[Records contained in a dataset]

·····

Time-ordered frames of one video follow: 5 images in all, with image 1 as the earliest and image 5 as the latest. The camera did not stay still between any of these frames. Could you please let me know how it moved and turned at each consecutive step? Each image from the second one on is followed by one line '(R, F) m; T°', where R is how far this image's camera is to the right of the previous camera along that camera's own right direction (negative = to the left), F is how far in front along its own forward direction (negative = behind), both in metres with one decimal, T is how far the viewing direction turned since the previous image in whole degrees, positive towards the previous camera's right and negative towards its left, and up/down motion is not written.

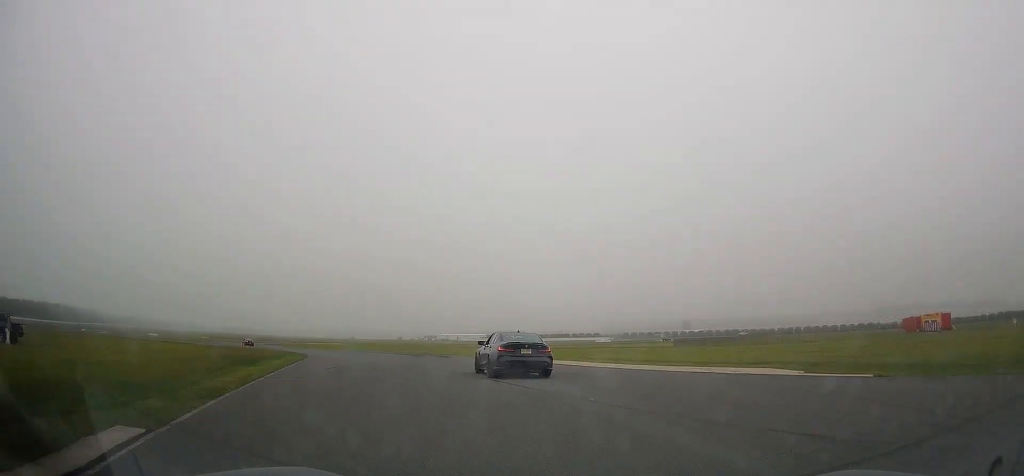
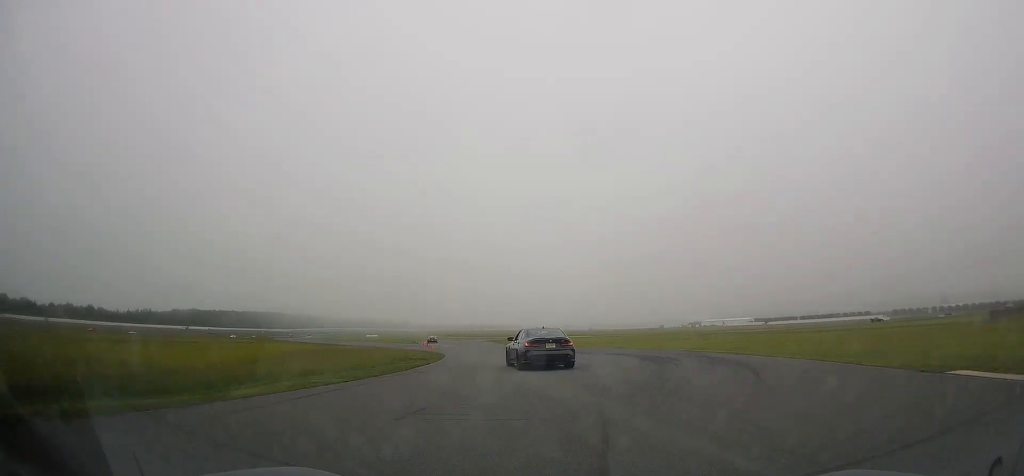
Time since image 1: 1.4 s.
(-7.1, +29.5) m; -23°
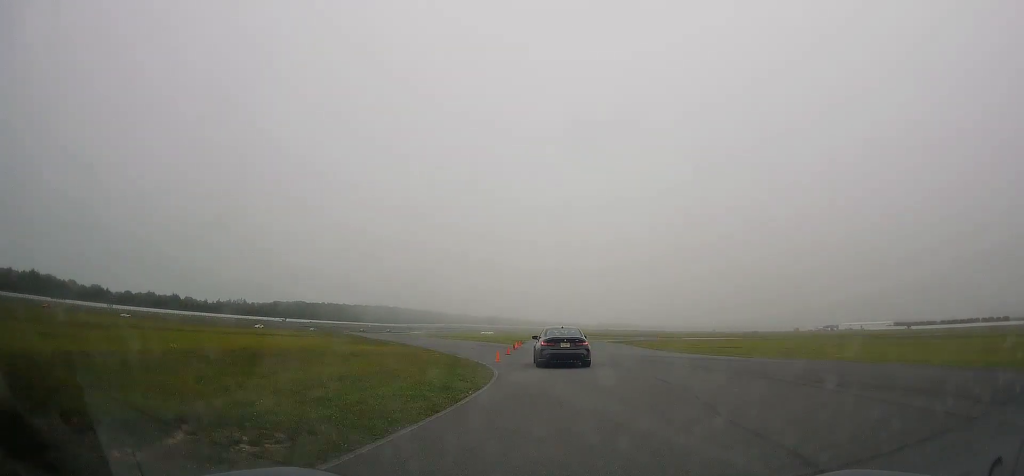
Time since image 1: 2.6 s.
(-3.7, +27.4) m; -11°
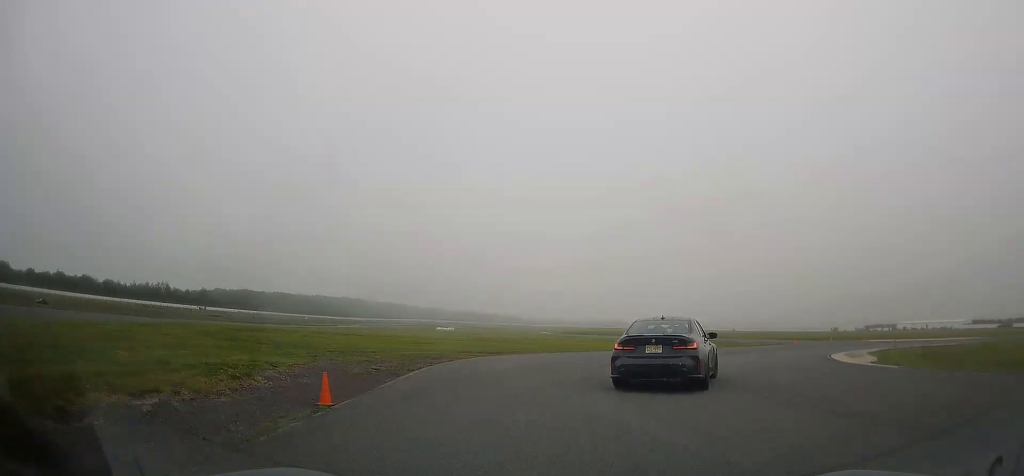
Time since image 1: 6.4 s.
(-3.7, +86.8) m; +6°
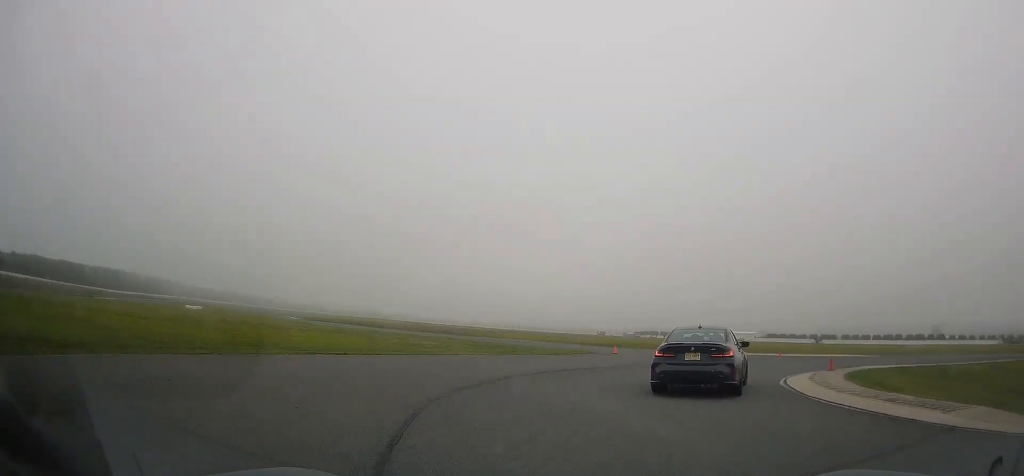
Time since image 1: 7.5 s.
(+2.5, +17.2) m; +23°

·····

When you retype the data above, match every line exactly and leave the pictures behind.

*TASK ANSWER*.
Time-ordered frames of one video follow: 5 images in all, with image 1 as the earliest and image 5 as the latest. The camera did not stay still between any of these frames. Could you please let me know how it moved and turned at each consecutive step? Each image from the second one on is followed by one line '(R, F) m; T°', where R is how far this image's camera is to the right of the previous camera along that camera's own right direction (negative = to the left), F is how far in front along its own forward direction (negative = behind), both in metres with one decimal, T is how far the viewing direction turned since the previous image in whole degrees, positive towards the previous camera's right and negative towards its left, and up/down motion is not written.

Time since image 1: 1.4 s.
(-7.1, +29.5) m; -23°
Time since image 1: 2.6 s.
(-3.7, +27.4) m; -11°
Time since image 1: 6.4 s.
(-3.7, +86.8) m; +6°
Time since image 1: 7.5 s.
(+2.5, +17.2) m; +23°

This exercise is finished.